The train crossed the border around 10.15 pm local time (1315 GMT) and was expected in the Chinese capital Tuesday morning, the Southern news agency reported, citing an informed source.
China is the isolated, nuclear-armed North’s key diplomatic ally and main source of trade and aid, and Kim visited three times last year to pay his respects to leader Xi Jinping.
Until his first trip in March, Kim had not meet Xi for more than six years after inheriting power from his father, as relations between the neighbours once described as close as “lips and teeth” deteriorated.
But a whirlwind of diplomacy enveloped the Korean peninsula last year, with Kim also meeting the South’s President Moon Jae-in three times, and culminating in his high-profile Singapore summit with US counterpart Donald Trump in June.

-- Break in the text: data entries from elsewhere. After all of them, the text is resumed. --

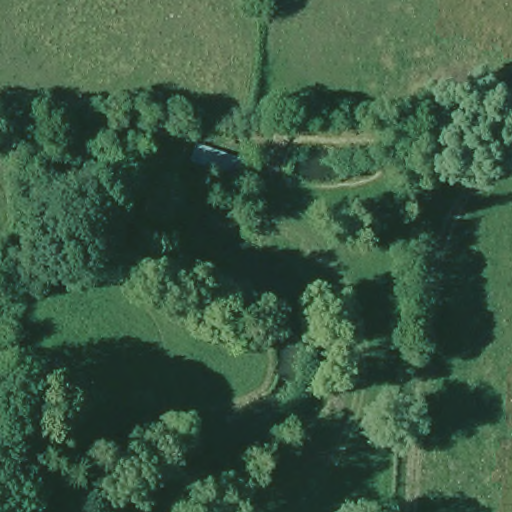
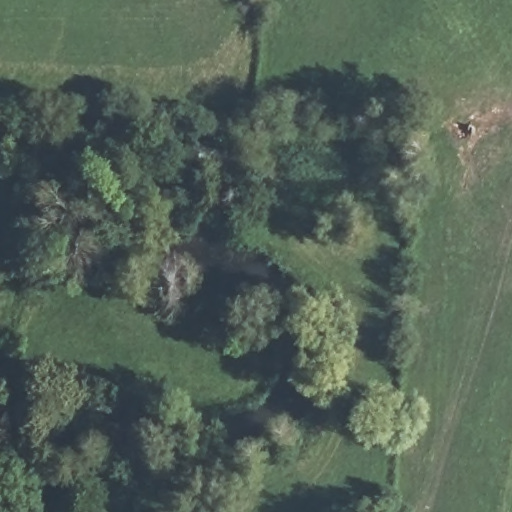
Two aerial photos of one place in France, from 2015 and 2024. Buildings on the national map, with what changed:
unchanged [(242,160),(236,185),(182,169),(190,144),(242,160)]

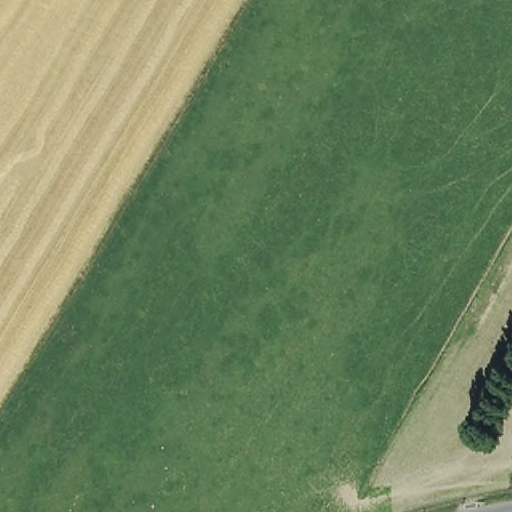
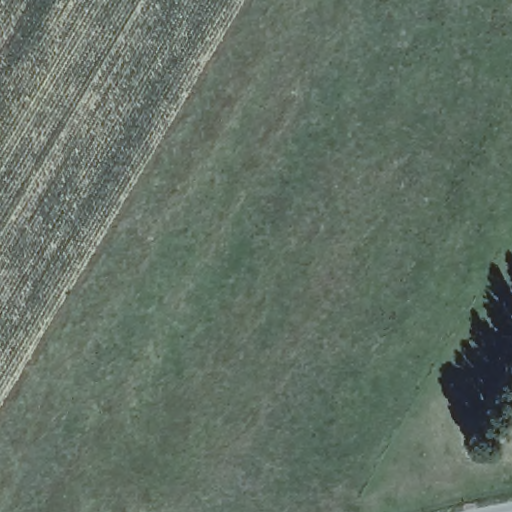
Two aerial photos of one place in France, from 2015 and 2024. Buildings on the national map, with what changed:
[]

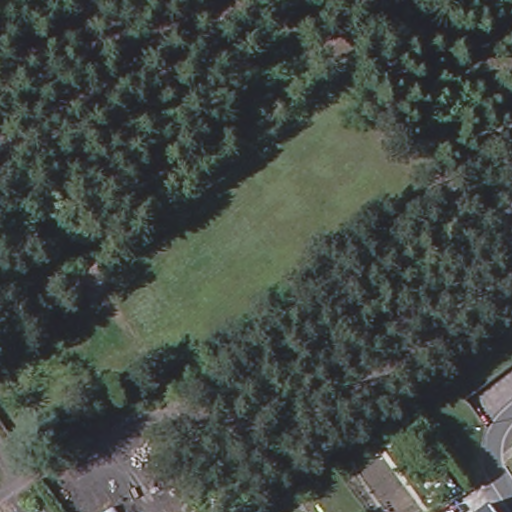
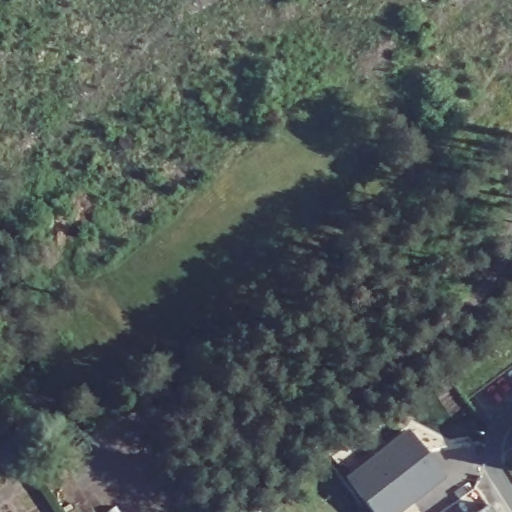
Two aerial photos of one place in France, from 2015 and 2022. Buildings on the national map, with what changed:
new [(447,477),(402,512),(375,512),(348,477),(410,430),(447,477)]
new [(479,512),(486,507),(489,512),(479,512)]

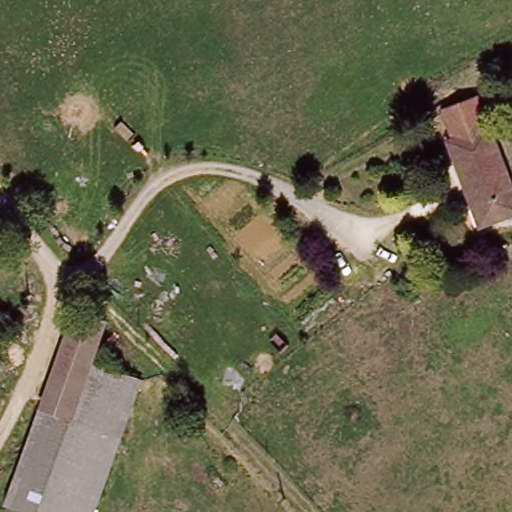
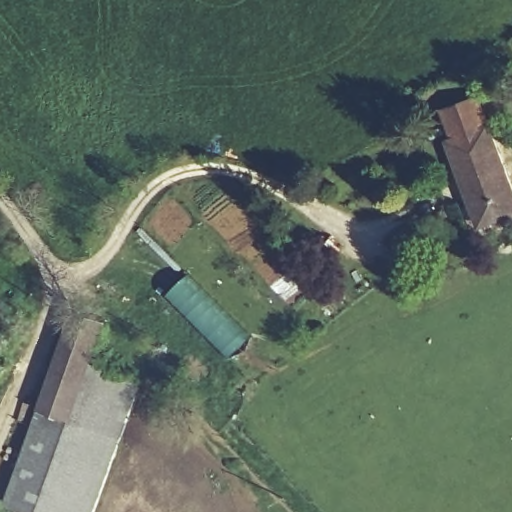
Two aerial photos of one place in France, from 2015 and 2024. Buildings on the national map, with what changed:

None of Kim’s 2018 trips to China were announced in advance, and the earliest indications of the first one — before Kim met either Moon or Trump — came when his train was spotted in Beijing.
In the Chinese border city of Dandong, dozens of security vehicles and officials blocked the roads around the train station on Monday before the train passed through, Yonhap reported, before reopening them afterwards.
It had not been confirmed whether a senior North Korean official was on board, it quoted its source as saying.
But Japan’s Kyodo news agency said hotel guests in Dandong had not been allowed to enter rooms facing the river that forms the border on Monday afternoon, in what it cited sources describing as “an apparent move to prevent the train from being seen”.
Kim’s birthday is reportedly on Tuesday, although that has never been confirmed by Pyongyang, and a visit by him to China would be likely to heighten speculation about a second Kim-Trump summit.
In Singapore the two men signed a vaguely-worded pledge about the denuclearisation of the Korean peninsula, but progress has since stalled amid disagreements over what that means, with meetings and visits cancelled at short notice.
Negotiations were underway on the location of their next meeting, Trump said Sunday, while remaining evasive on its timing.
The US president said last week he had received a “great letter” from the North Korean leader but declined to reveal its contents.
“We are negotiating a location,” he told reporters. “They do want to meet and we want to meet and we’ll see what happens.”
Washington is demanding Pyongyang gives up its nuclear arsenal before any relief from economic sanctions is granted, while the North is insisting on immediate concessions from the US.
Culminating in late 2017, Pyongyang carried out six atomic blasts and launched rockets capable of reaching the entire US mainland, but has now carried out no such tests for more than a year.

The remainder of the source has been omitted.